In step 6, the specific steps of performing result screening on the second result set S3 obtained in step 4 by using the frequent item rule extracted in step 5 are as follows:

6.1) first calculate the tintof each new word in the second result set S3w|, f(w), f(s), P(T _w), dl, qtThen step 6.2) is performed;

6.2) screening the parameters obtained by calculation in the step 6.1) according to the frequent item rule obtained in the step 5; if the rule is met, no processing is carried out; and if the rule is not met, adding the separator removed in the step 4 to the original position.
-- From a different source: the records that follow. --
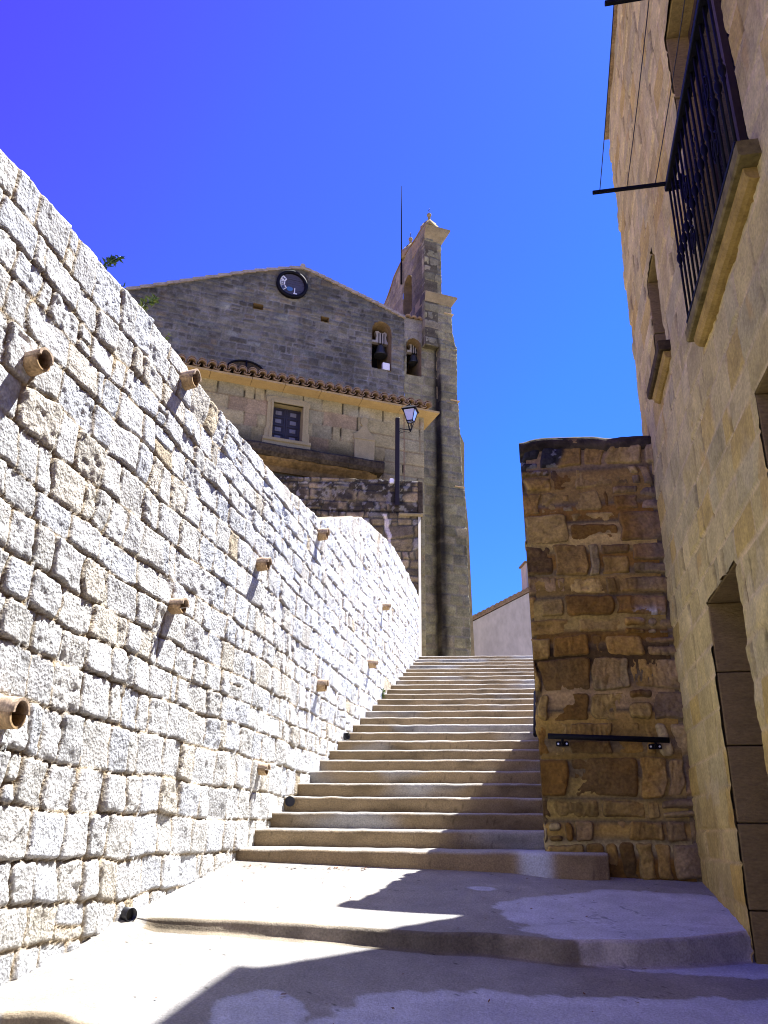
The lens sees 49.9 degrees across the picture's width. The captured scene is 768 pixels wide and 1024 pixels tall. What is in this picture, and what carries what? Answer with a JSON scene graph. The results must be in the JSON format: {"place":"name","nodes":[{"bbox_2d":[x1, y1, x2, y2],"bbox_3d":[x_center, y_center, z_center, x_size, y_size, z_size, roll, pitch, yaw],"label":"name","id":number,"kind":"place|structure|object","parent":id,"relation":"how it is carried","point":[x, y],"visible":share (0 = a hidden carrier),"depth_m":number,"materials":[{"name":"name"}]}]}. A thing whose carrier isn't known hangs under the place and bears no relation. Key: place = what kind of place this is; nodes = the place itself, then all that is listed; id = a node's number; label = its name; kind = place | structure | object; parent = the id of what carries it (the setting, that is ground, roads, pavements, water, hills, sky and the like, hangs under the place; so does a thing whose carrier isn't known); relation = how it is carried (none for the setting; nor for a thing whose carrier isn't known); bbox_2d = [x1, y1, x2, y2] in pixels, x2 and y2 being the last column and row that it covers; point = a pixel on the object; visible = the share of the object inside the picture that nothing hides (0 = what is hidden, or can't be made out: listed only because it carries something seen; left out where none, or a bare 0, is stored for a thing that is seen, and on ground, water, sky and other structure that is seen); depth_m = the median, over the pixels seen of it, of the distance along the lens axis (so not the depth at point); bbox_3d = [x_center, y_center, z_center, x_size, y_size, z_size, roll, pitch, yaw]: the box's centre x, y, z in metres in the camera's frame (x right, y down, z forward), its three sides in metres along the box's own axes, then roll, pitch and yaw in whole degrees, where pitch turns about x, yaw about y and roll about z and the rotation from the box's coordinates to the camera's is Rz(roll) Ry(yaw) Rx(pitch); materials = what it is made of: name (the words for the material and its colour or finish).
{"place":"outdoors","nodes":[
{"label":"outdoors","id":0,"kind":"place"},
{"bbox_2d":[0,0,642,614],"label":"sky","id":1,"kind":"structure","parent":0,"point":[178,139],"materials":[{"name":"blue"}]},
{"bbox_2d":[0,860,767,1023],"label":"pavement","id":2,"kind":"structure","parent":0,"point":[318,945],"depth_m":4.86,"materials":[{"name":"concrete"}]},
{"bbox_2d":[236,656,609,880],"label":"stone staircase","id":3,"kind":"structure","parent":2,"relation":"on","point":[432,762],"depth_m":9.01,"materials":[{"name":"stone"}]},
{"bbox_2d":[519,436,701,881],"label":"stone pier","id":4,"kind":"structure","parent":2,"relation":"on","point":[603,647],"depth_m":7.42,"materials":[{"name":"brown stone"}]},
{"bbox_2d":[533,691,536,736],"bbox_3d":[1.766,2.226,9.239,0.185,0.793,2.212,-3,-21,10],"label":"handrail","id":5,"kind":"object","parent":4,"relation":"attached to","point":[534,715],"visible":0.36,"depth_m":8.94,"materials":[{"name":"black metal"}]},
{"bbox_2d":[548,733,669,748],"bbox_3d":[1.926,1.972,7.103,1.013,0.137,0.102,-3,-21,10],"label":"handrail","id":6,"kind":"object","parent":4,"relation":"attached to","point":[654,740],"visible":1,"depth_m":7.07,"materials":[{"name":"black metal"}]},
{"bbox_2d":[605,0,767,964],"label":"stone house","id":7,"kind":"structure","parent":2,"relation":"on","point":[694,243],"depth_m":5.56,"materials":[{"name":"stone"}]},
{"bbox_2d":[592,0,684,194],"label":"clothes line","id":8,"kind":"object","parent":7,"relation":"attached to","point":[627,187],"visible":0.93,"depth_m":5.33,"materials":[{"name":"black metal"}]},
{"bbox_2d":[688,0,746,203],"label":"window frame","id":9,"kind":"structure","parent":7,"relation":"in","point":[738,120],"depth_m":5.16,"materials":[{"name":"brown wood"}]},
{"bbox_2d":[700,0,748,179],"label":"window pane","id":10,"kind":"structure","parent":7,"relation":"in","point":[708,15],"depth_m":5.51,"materials":[{"name":"black glass"}]},
{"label":"plaza","id":11,"kind":"structure","parent":0,"visible":0},
{"bbox_2d":[126,186,474,655],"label":"church","id":12,"kind":"structure","parent":11,"relation":"on","point":[297,380],"depth_m":26.84,"materials":[{"name":"stone"}]},
{"bbox_2d":[262,396,310,448],"bbox_3d":[-2.725,-2.529,23.340,1.378,1.586,0.120,8,-22,-19],"label":"window frame","id":13,"kind":"structure","parent":12,"relation":"in","point":[267,437],"depth_m":23.29,"materials":[{"name":"stone"}]},
{"bbox_2d":[372,331,387,359],"bbox_3d":[-0.122,-5.933,29.191,0.713,0.966,0.476,1,-21,0],"label":"church bell","id":14,"kind":"object","parent":12,"relation":"hanging from","point":[380,341],"visible":0.98,"depth_m":29.12,"materials":[{"name":"grey metal"}]},
{"bbox_2d":[382,362,389,370],"bbox_3d":[0.059,-4.985,28.507,0.260,0.326,0.130,8,-22,-19],"label":"floodlight box","id":15,"kind":"object","parent":12,"relation":"on","point":[385,366],"visible":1,"depth_m":28.45,"materials":[{"name":"white plastic"}]},
{"bbox_2d":[406,344,417,366],"bbox_3d":[1.053,-5.649,29.545,0.571,0.782,0.385,1,-21,0],"label":"church bell","id":16,"kind":"object","parent":12,"relation":"hanging from","point":[412,352],"visible":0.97,"depth_m":29.45,"materials":[{"name":"grey metal"}]},
{"bbox_2d":[276,475,422,655],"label":"terrace wall","id":17,"kind":"structure","parent":11,"relation":"on","point":[372,502],"depth_m":22.17,"materials":[{"name":"stone"}]},
{"bbox_2d":[395,404,418,506],"bbox_3d":[0.597,-1.606,22.511,0.671,2.984,0.410,-6,-22,16],"label":"street lamp","id":18,"kind":"object","parent":17,"relation":"attached to","point":[410,411],"visible":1,"depth_m":22.73,"materials":[{"name":"black metal"}]},
{"bbox_2d":[473,561,532,655],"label":"plastered house","id":19,"kind":"structure","parent":11,"relation":"on","point":[502,628],"depth_m":29.51,"materials":[{"name":"paint"}]},
{"label":"ground","id":20,"kind":"structure","parent":0,"visible":0},
{"bbox_2d":[0,149,419,985],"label":"retaining wall","id":21,"kind":"structure","parent":20,"relation":"on","point":[208,635],"depth_m":5.65,"materials":[{"name":"stone"}]},
{"bbox_2d":[100,254,124,269],"bbox_3d":[-2.102,-1.879,6.275,0.242,0.276,0.128,15,-25,-32],"label":"sprig","id":22,"kind":"object","parent":21,"relation":"on","point":[112,259],"visible":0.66,"depth_m":6.29,"materials":[{"name":"green plant"}]},
{"bbox_2d":[139,294,159,310],"bbox_3d":[-1.945,-1.688,6.749,0.234,0.269,0.123,17,-27,-37],"label":"sprig","id":23,"kind":"object","parent":21,"relation":"on","point":[152,301],"visible":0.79,"depth_m":6.76,"materials":[{"name":"green plant"}]}
]}

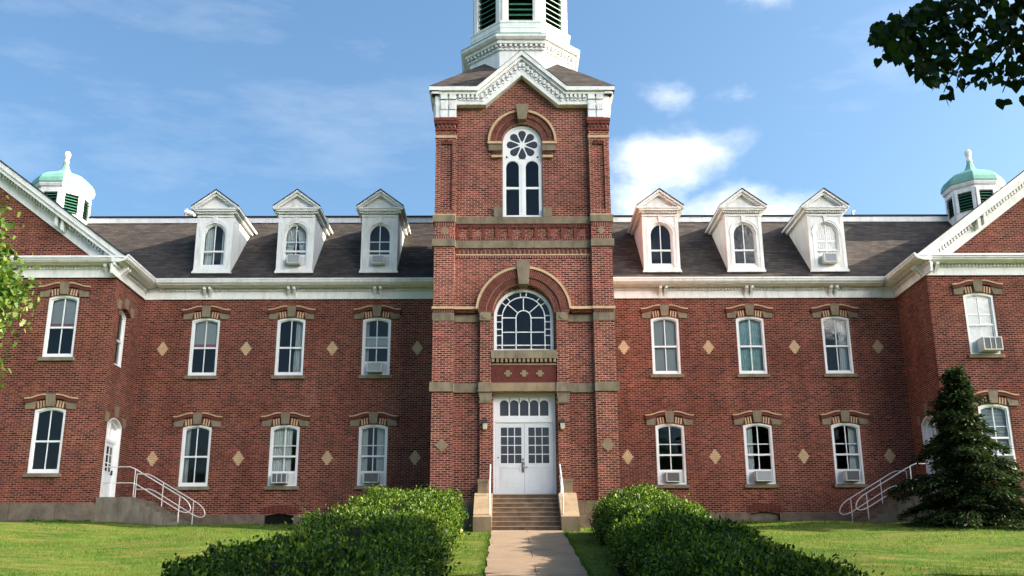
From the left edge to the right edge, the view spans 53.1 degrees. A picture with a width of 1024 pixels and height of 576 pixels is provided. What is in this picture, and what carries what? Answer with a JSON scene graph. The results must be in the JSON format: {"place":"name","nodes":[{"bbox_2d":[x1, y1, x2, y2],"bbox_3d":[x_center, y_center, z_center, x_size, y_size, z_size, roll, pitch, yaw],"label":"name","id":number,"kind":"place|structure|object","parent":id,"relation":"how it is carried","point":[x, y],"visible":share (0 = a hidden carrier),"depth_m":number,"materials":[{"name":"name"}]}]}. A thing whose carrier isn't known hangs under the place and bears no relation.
{"place":"outdoors","nodes":[
{"label":"outdoors","id":0,"kind":"place"},
{"bbox_2d":[0,518,1023,575],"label":"lawn","id":1,"kind":"structure","parent":0,"point":[13,525],"depth_m":25.57,"materials":[{"name":"green plant"}]},
{"bbox_2d":[0,195,42,387],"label":"maple tree","id":2,"kind":"object","parent":1,"relation":"on","point":[9,281],"visible":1,"depth_m":21.44,"materials":[{"name":"green plant"}]},
{"bbox_2d":[93,497,191,525],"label":"concrete steps","id":3,"kind":"structure","parent":1,"relation":"on","point":[127,510],"depth_m":34.34,"materials":[{"name":"grey concrete"}]},
{"bbox_2d":[101,466,190,521],"bbox_3d":[-12.343,6.984,34.593,3.079,1.914,0.037,0,-16,0],"label":"pipe railing","id":4,"kind":"object","parent":3,"relation":"on","point":[134,483],"visible":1,"depth_m":34.66,"materials":[{"name":"grey metal"}]},
{"bbox_2d":[135,473,204,524],"bbox_3d":[-12.261,7.618,36.742,2.589,1.914,0.037,0,-16,0],"label":"pipe railing","id":5,"kind":"object","parent":3,"relation":"on","point":[192,514],"visible":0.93,"depth_m":36.78,"materials":[{"name":"grey metal"}]},
{"bbox_2d":[155,483,470,575],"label":"hedge","id":6,"kind":"object","parent":1,"relation":"on","point":[376,531],"visible":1,"depth_m":15.54,"materials":[{"name":"green plant"}]},
{"bbox_2d":[0,0,1023,527],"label":"brick building","id":7,"kind":"structure","parent":1,"relation":"on","point":[524,290],"depth_m":37.75,"materials":[{"name":"brick"}]},
{"bbox_2d":[22,394,77,476],"bbox_3d":[-15.834,5.022,34.912,1.800,2.830,0.280,0,-16,0],"label":"window","id":8,"kind":"structure","parent":7,"relation":"in","point":[32,402],"depth_m":35.10,"materials":[{"name":"white paint"}]},
{"bbox_2d":[37,282,90,360],"bbox_3d":[-15.853,1.193,36.072,1.800,2.830,0.337,0,-16,0],"label":"window","id":9,"kind":"structure","parent":7,"relation":"in","point":[65,307],"depth_m":36.27,"materials":[{"name":"white paint"}]},
{"bbox_2d":[100,442,113,496],"bbox_3d":[-14.210,6.398,35.840,0.133,1.970,1.100,0,-16,0],"label":"door","id":10,"kind":"structure","parent":7,"relation":"in","point":[108,458],"depth_m":36.03,"materials":[{"name":"paint"}]},
{"bbox_2d":[114,298,134,367],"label":"window","id":11,"kind":"structure","parent":7,"relation":"in","point":[131,313],"depth_m":37.43,"materials":[{"name":"white paint"}]},
{"bbox_2d":[173,412,222,489],"bbox_3d":[-11.640,6.019,37.722,1.800,2.830,0.388,0,-16,0],"label":"window","id":12,"kind":"structure","parent":7,"relation":"in","point":[196,418],"depth_m":37.86,"materials":[{"name":"white paint"}]},
{"bbox_2d":[182,306,230,378],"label":"window","id":13,"kind":"structure","parent":7,"relation":"in","point":[205,330],"depth_m":39.06,"materials":[{"name":"white paint"}]},
{"bbox_2d":[261,505,297,524],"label":"basement window","id":14,"kind":"structure","parent":7,"relation":"in","point":[277,519],"depth_m":37.07,"materials":[{"name":"glass"}]},
{"bbox_2d":[271,473,288,483],"bbox_3d":[-8.447,6.951,37.346,0.563,0.370,0.502,0,-16,0],"label":"air conditioner","id":15,"kind":"object","parent":7,"relation":"attached to","point":[279,478],"visible":1,"depth_m":37.13,"materials":[{"name":"white metal"}]},
{"bbox_2d":[261,412,309,489],"bbox_3d":[-8.391,6.011,37.746,1.800,2.830,0.392,0,-16,0],"label":"window","id":16,"kind":"structure","parent":7,"relation":"in","point":[280,456],"depth_m":37.90,"materials":[{"name":"white paint"}]},
{"bbox_2d":[268,305,315,378],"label":"window","id":17,"kind":"structure","parent":7,"relation":"in","point":[297,373],"depth_m":39.05,"materials":[{"name":"white paint"}]},
{"bbox_2d":[286,254,301,265],"bbox_3d":[-8.393,-1.054,39.492,0.503,0.360,0.480,0,-16,0],"label":"air conditioner","id":18,"kind":"object","parent":7,"relation":"attached to","point":[294,259],"visible":1,"depth_m":39.29,"materials":[{"name":"white metal"}]},
{"bbox_2d":[363,472,379,483],"bbox_3d":[-5.117,6.943,37.370,0.563,0.370,0.500,0,-16,0],"label":"air conditioner","id":19,"kind":"object","parent":7,"relation":"attached to","point":[371,477],"visible":1,"depth_m":37.15,"materials":[{"name":"white metal"}]},
{"bbox_2d":[349,412,397,489],"bbox_3d":[-5.131,6.002,37.768,1.800,2.830,0.392,0,-16,0],"label":"window","id":20,"kind":"structure","parent":7,"relation":"in","point":[382,431],"depth_m":37.92,"materials":[{"name":"white paint"}]},
{"bbox_2d":[367,362,382,373],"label":"air conditioner","id":21,"kind":"object","parent":7,"relation":"attached to","point":[374,367],"visible":1,"depth_m":38.32,"materials":[{"name":"white metal"}]},
{"bbox_2d":[353,305,400,378],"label":"window","id":22,"kind":"structure","parent":7,"relation":"in","point":[367,341],"depth_m":39.07,"materials":[{"name":"white paint"}]},
{"bbox_2d":[372,255,384,265],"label":"air conditioner","id":23,"kind":"object","parent":7,"relation":"attached to","point":[378,260],"visible":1,"depth_m":39.31,"materials":[{"name":"white metal"}]},
{"bbox_2d":[482,419,487,429],"bbox_3d":[-0.873,4.396,32.998,0.200,0.320,0.215,0,-16,0],"label":"wall lamp","id":24,"kind":"object","parent":7,"relation":"attached to","point":[484,422],"visible":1,"depth_m":32.92,"materials":[{"name":"beige glass"}]},
{"bbox_2d":[495,423,524,493],"bbox_3d":[-0.066,5.515,33.214,0.941,2.310,0.136,0,-16,0],"label":"door","id":25,"kind":"structure","parent":7,"relation":"in","point":[509,437],"depth_m":33.25,"materials":[{"name":"paint"}]},
{"bbox_2d":[503,126,542,216],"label":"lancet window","id":26,"kind":"structure","parent":7,"relation":"in","point":[522,145],"depth_m":36.15,"materials":[{"name":"white paint"}]},
{"bbox_2d":[494,289,553,349],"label":"arched window","id":27,"kind":"structure","parent":7,"relation":"in","point":[520,291],"depth_m":34.52,"materials":[{"name":"white paint"}]},
{"bbox_2d":[493,393,556,493],"bbox_3d":[0.406,5.065,33.431,2.036,3.310,0.180,0,-16,0],"label":"door frame","id":28,"kind":"structure","parent":7,"relation":"in","point":[531,407],"depth_m":33.71,"materials":[{"name":"white paint"}]},
{"bbox_2d":[524,423,553,493],"bbox_3d":[0.883,5.517,33.238,0.941,2.310,0.100,0,-16,0],"label":"door","id":29,"kind":"structure","parent":7,"relation":"in","point":[539,449],"depth_m":33.26,"materials":[{"name":"paint"}]},
{"bbox_2d":[559,419,565,428],"bbox_3d":[1.627,4.389,33.015,0.200,0.320,0.215,0,-16,0],"label":"wall lamp","id":30,"kind":"object","parent":7,"relation":"attached to","point":[562,422],"visible":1,"depth_m":32.93,"materials":[{"name":"beige glass"}]},
{"bbox_2d":[641,304,687,377],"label":"window","id":31,"kind":"structure","parent":7,"relation":"in","point":[666,360],"depth_m":39.12,"materials":[{"name":"white paint"}]},
{"bbox_2d":[645,411,693,487],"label":"window","id":32,"kind":"structure","parent":7,"relation":"in","point":[651,419],"depth_m":37.97,"materials":[{"name":"white paint"}]},
{"bbox_2d":[665,472,679,482],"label":"air conditioner","id":33,"kind":"object","parent":7,"relation":"attached to","point":[672,477],"visible":1,"depth_m":37.35,"materials":[{"name":"white metal"}]},
{"bbox_2d":[725,304,772,377],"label":"window","id":34,"kind":"structure","parent":7,"relation":"in","point":[751,350],"depth_m":39.16,"materials":[{"name":"white paint"}]},
{"bbox_2d":[732,410,781,487],"bbox_3d":[9.119,5.963,37.863,1.800,2.830,0.392,0,-16,0],"label":"window","id":35,"kind":"structure","parent":7,"relation":"in","point":[757,420],"depth_m":38.00,"materials":[{"name":"white paint"}]},
{"bbox_2d":[753,470,772,481],"bbox_3d":[9.163,6.893,37.447,0.583,0.380,0.540,0,-16,0],"label":"air conditioner","id":36,"kind":"object","parent":7,"relation":"attached to","point":[762,475],"visible":1,"depth_m":37.22,"materials":[{"name":"white metal"}]},
{"bbox_2d":[746,503,782,521],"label":"basement window","id":37,"kind":"structure","parent":7,"relation":"in","point":[768,516],"depth_m":37.19,"materials":[{"name":"glass"}]},
{"bbox_2d":[821,253,837,264],"bbox_3d":[12.266,-1.110,39.631,0.503,0.360,0.480,0,-16,0],"label":"air conditioner","id":38,"kind":"object","parent":7,"relation":"attached to","point":[829,259],"visible":1,"depth_m":39.43,"materials":[{"name":"white metal"}]},
{"bbox_2d":[810,304,857,376],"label":"window","id":39,"kind":"structure","parent":7,"relation":"in","point":[844,371],"depth_m":39.19,"materials":[{"name":"white paint"}]},
{"bbox_2d":[820,410,868,487],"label":"window","id":40,"kind":"structure","parent":7,"relation":"in","point":[826,418],"depth_m":38.03,"materials":[{"name":"white paint"}]},
{"bbox_2d":[842,470,860,481],"bbox_3d":[12.403,6.887,37.479,0.503,0.380,0.520,0,-16,0],"label":"air conditioner","id":41,"kind":"object","parent":7,"relation":"attached to","point":[851,475],"visible":1,"depth_m":37.26,"materials":[{"name":"white metal"}]},
{"bbox_2d":[951,280,1005,357],"bbox_3d":[16.606,1.104,36.289,1.800,2.830,0.335,0,-16,0],"label":"window","id":42,"kind":"structure","parent":7,"relation":"in","point":[976,305],"depth_m":36.47,"materials":[{"name":"white paint"}]},
{"bbox_2d":[977,336,1003,352],"bbox_3d":[16.730,1.995,35.882,0.663,0.460,0.602,0,-16,0],"label":"air conditioner","id":43,"kind":"object","parent":7,"relation":"attached to","point":[989,344],"visible":1,"depth_m":35.63,"materials":[{"name":"white metal"}]},
{"bbox_2d":[973,390,1021,471],"bbox_3d":[16.625,4.942,35.161,1.800,2.830,0.345,0,-16,0],"label":"window","id":44,"kind":"structure","parent":7,"relation":"in","point":[1012,399],"depth_m":35.36,"materials":[{"name":"white paint"}]},
{"bbox_2d":[997,455,1014,466],"bbox_3d":[16.698,5.887,34.796,0.563,0.380,0.480,0,-16,0],"label":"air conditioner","id":45,"kind":"object","parent":7,"relation":"attached to","point":[1011,457],"visible":0.16,"depth_m":34.61,"materials":[{"name":"white metal"}]},
{"bbox_2d":[473,479,579,531],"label":"stone steps","id":46,"kind":"structure","parent":1,"relation":"on","point":[525,511],"depth_m":31.33,"materials":[{"name":"beige stone"}]},
{"bbox_2d":[489,464,490,513],"bbox_3d":[-0.679,6.194,31.620,0.044,1.654,1.802,0,-16,0],"label":"handrail","id":47,"kind":"object","parent":46,"relation":"on","point":[489,486],"visible":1,"depth_m":31.38,"materials":[{"name":"white metal"}]},
{"bbox_2d":[559,464,563,513],"bbox_3d":[1.521,6.188,31.635,0.044,1.654,1.802,0,-16,0],"label":"handrail","id":48,"kind":"object","parent":46,"relation":"on","point":[561,488],"visible":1,"depth_m":31.12,"materials":[{"name":"white metal"}]},
{"bbox_2d":[588,482,883,575],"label":"hedge","id":49,"kind":"object","parent":1,"relation":"on","point":[646,530],"visible":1,"depth_m":17.28,"materials":[{"name":"green plant"}]},
{"bbox_2d":[852,494,936,523],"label":"concrete steps","id":50,"kind":"structure","parent":1,"relation":"on","point":[889,511],"depth_m":34.54,"materials":[{"name":"grey concrete"}]},
{"bbox_2d":[839,470,906,521],"bbox_3d":[13.041,7.549,36.911,2.589,1.914,0.037,0,-16,0],"label":"pipe railing","id":51,"kind":"object","parent":50,"relation":"on","point":[873,497],"visible":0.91,"depth_m":36.93,"materials":[{"name":"grey metal"}]},
{"bbox_2d":[855,463,928,518],"bbox_3d":[13.149,6.914,34.764,3.079,1.914,0.037,0,-16,0],"label":"pipe railing","id":52,"kind":"object","parent":50,"relation":"on","point":[879,485],"visible":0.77,"depth_m":34.74,"materials":[{"name":"grey metal"}]},
{"bbox_2d":[867,0,1023,109],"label":"linden tree","id":53,"kind":"object","parent":1,"relation":"on","point":[907,27],"visible":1,"depth_m":5.99,"materials":[{"name":"green plant"}]},
{"bbox_2d":[884,366,1023,531],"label":"evergreen tree","id":54,"kind":"object","parent":1,"relation":"on","point":[970,493],"visible":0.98,"depth_m":31.96,"materials":[{"name":"green plant"}]},
{"bbox_2d":[0,0,1023,215],"label":"sky","id":55,"kind":"structure","parent":0,"point":[160,106],"materials":[{"name":"blue"}]},
{"bbox_2d":[484,530,587,575],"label":"path","id":56,"kind":"structure","parent":0,"point":[531,552],"depth_m":24.00,"materials":[{"name":"concrete"}]}
]}

The invention has the following advantages:

the method comprises the steps of firstly extracting terms from a standard as a dictionary, then carrying out reverse maximum matching algorithm processing on subway design specifications according to the dictionary to obtain a result set, carrying out boundary correction processing on the result set according to a front and back affixed word dictionary obtained by manual induction, then extracting frequent item rules by utilizing an FP-growth algorithm, and finally screening results after boundary correction by utilizing the frequent item rules, wherein the whole process is realized in a full-automatic manner.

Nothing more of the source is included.